== Instructions for the task ==
Give back every record precisely.
--- Task data Enclosed Below ---
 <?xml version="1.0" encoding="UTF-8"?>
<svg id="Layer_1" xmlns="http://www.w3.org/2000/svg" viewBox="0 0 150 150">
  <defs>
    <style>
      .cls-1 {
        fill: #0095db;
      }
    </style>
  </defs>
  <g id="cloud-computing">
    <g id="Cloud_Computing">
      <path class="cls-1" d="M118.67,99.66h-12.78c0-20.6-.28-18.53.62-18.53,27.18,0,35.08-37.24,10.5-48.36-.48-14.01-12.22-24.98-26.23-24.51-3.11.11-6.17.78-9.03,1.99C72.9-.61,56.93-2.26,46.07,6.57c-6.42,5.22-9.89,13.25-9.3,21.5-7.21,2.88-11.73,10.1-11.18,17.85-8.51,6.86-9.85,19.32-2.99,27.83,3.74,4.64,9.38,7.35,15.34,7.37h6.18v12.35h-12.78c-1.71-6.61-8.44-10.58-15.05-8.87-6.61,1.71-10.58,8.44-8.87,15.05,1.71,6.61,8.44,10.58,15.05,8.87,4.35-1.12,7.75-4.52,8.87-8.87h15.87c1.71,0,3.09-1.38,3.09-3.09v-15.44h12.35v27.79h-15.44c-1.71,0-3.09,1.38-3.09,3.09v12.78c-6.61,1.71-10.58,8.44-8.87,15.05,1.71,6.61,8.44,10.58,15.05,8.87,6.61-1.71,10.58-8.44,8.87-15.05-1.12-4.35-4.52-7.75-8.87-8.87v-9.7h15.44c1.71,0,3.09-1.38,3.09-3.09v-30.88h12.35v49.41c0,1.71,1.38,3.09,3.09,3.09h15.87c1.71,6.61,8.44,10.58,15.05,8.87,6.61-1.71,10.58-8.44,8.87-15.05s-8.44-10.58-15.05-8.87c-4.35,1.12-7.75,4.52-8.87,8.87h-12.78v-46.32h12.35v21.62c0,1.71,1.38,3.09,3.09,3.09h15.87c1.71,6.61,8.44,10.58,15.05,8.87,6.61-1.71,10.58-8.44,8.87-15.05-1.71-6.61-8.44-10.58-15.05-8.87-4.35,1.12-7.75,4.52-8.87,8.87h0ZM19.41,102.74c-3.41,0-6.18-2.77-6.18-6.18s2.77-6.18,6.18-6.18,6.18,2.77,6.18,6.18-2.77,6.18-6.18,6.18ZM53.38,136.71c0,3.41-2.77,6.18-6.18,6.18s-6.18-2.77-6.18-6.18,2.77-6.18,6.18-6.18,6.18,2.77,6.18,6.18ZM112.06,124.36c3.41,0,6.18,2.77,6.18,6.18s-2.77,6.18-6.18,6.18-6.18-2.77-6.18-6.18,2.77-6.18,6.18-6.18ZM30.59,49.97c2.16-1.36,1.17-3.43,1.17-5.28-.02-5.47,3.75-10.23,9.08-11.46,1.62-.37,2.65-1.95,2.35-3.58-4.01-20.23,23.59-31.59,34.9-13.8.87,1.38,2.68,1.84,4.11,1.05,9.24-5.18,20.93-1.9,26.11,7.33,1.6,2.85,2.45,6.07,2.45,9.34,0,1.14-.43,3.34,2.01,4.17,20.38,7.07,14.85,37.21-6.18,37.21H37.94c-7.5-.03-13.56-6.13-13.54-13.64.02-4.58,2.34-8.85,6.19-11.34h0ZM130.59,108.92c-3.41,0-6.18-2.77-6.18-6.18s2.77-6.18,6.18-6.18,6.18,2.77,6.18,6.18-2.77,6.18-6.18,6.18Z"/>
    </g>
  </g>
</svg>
--- End of Enclosed Task data ---
== Reply to the exercise ==
 <?xml version="1.0" encoding="UTF-8"?>
<svg id="Layer_1" xmlns="http://www.w3.org/2000/svg" viewBox="0 0 150 150">
  <defs>
    <style>
      .cls-1 {
        fill: #0095db;
      }
    </style>
  </defs>
  <g id="cloud-computing">
    <g id="Cloud_Computing">
      <path class="cls-1" d="M118.67,99.66h-12.78c0-20.6-.28-18.53.62-18.53,27.18,0,35.08-37.24,10.5-48.36-.48-14.01-12.22-24.98-26.23-24.51-3.11.11-6.17.78-9.03,1.99C72.9-.61,56.93-2.26,46.07,6.57c-6.42,5.22-9.89,13.25-9.3,21.5-7.21,2.88-11.73,10.1-11.18,17.85-8.51,6.86-9.85,19.32-2.99,27.83,3.74,4.64,9.38,7.35,15.34,7.37h6.18v12.35h-12.78c-1.71-6.61-8.44-10.58-15.05-8.87-6.61,1.71-10.58,8.44-8.87,15.05,1.71,6.61,8.44,10.58,15.05,8.87,4.35-1.12,7.75-4.52,8.87-8.87h15.87c1.71,0,3.09-1.38,3.09-3.09v-15.44h12.35v27.79h-15.44c-1.71,0-3.09,1.38-3.09,3.09v12.78c-6.61,1.71-10.58,8.44-8.87,15.05,1.71,6.61,8.44,10.58,15.05,8.87,6.61-1.71,10.58-8.44,8.87-15.05-1.12-4.35-4.52-7.75-8.87-8.87v-9.7h15.44c1.71,0,3.09-1.38,3.09-3.09v-30.88h12.35v49.41c0,1.71,1.38,3.09,3.09,3.09h15.87c1.71,6.61,8.44,10.58,15.05,8.87,6.61-1.71,10.58-8.44,8.87-15.05s-8.44-10.58-15.05-8.87c-4.35,1.12-7.75,4.52-8.87,8.87h-12.78v-46.32h12.35v21.62c0,1.71,1.38,3.09,3.09,3.09h15.87c1.71,6.61,8.44,10.58,15.05,8.87,6.61-1.71,10.58-8.44,8.87-15.05-1.71-6.61-8.44-10.58-15.05-8.87-4.35,1.12-7.75,4.52-8.87,8.87h0ZM19.41,102.74c-3.41,0-6.18-2.77-6.18-6.18s2.77-6.18,6.18-6.18,6.18,2.77,6.18,6.18-2.77,6.18-6.18,6.18ZM53.38,136.71c0,3.41-2.77,6.18-6.18,6.18s-6.18-2.77-6.18-6.18,2.77-6.18,6.18-6.18,6.18,2.77,6.18,6.18ZM112.06,124.36c3.41,0,6.18,2.77,6.18,6.18s-2.77,6.18-6.18,6.18-6.18-2.77-6.18-6.18,2.77-6.18,6.18-6.18ZM30.59,49.97c2.16-1.36,1.17-3.43,1.17-5.28-.02-5.47,3.75-10.23,9.08-11.46,1.62-.37,2.65-1.95,2.35-3.58-4.01-20.23,23.59-31.59,34.9-13.8.87,1.38,2.68,1.84,4.11,1.05,9.24-5.18,20.93-1.9,26.11,7.33,1.6,2.85,2.45,6.07,2.45,9.34,0,1.14-.43,3.34,2.01,4.17,20.38,7.07,14.85,37.21-6.18,37.21H37.94c-7.5-.03-13.56-6.13-13.54-13.64.02-4.58,2.34-8.85,6.19-11.34h0ZM130.59,108.92c-3.41,0-6.18-2.77-6.18-6.18s2.77-6.18,6.18-6.18,6.18,2.77,6.18,6.18-2.77,6.18-6.18,6.18Z"/>
    </g>
  </g>
</svg>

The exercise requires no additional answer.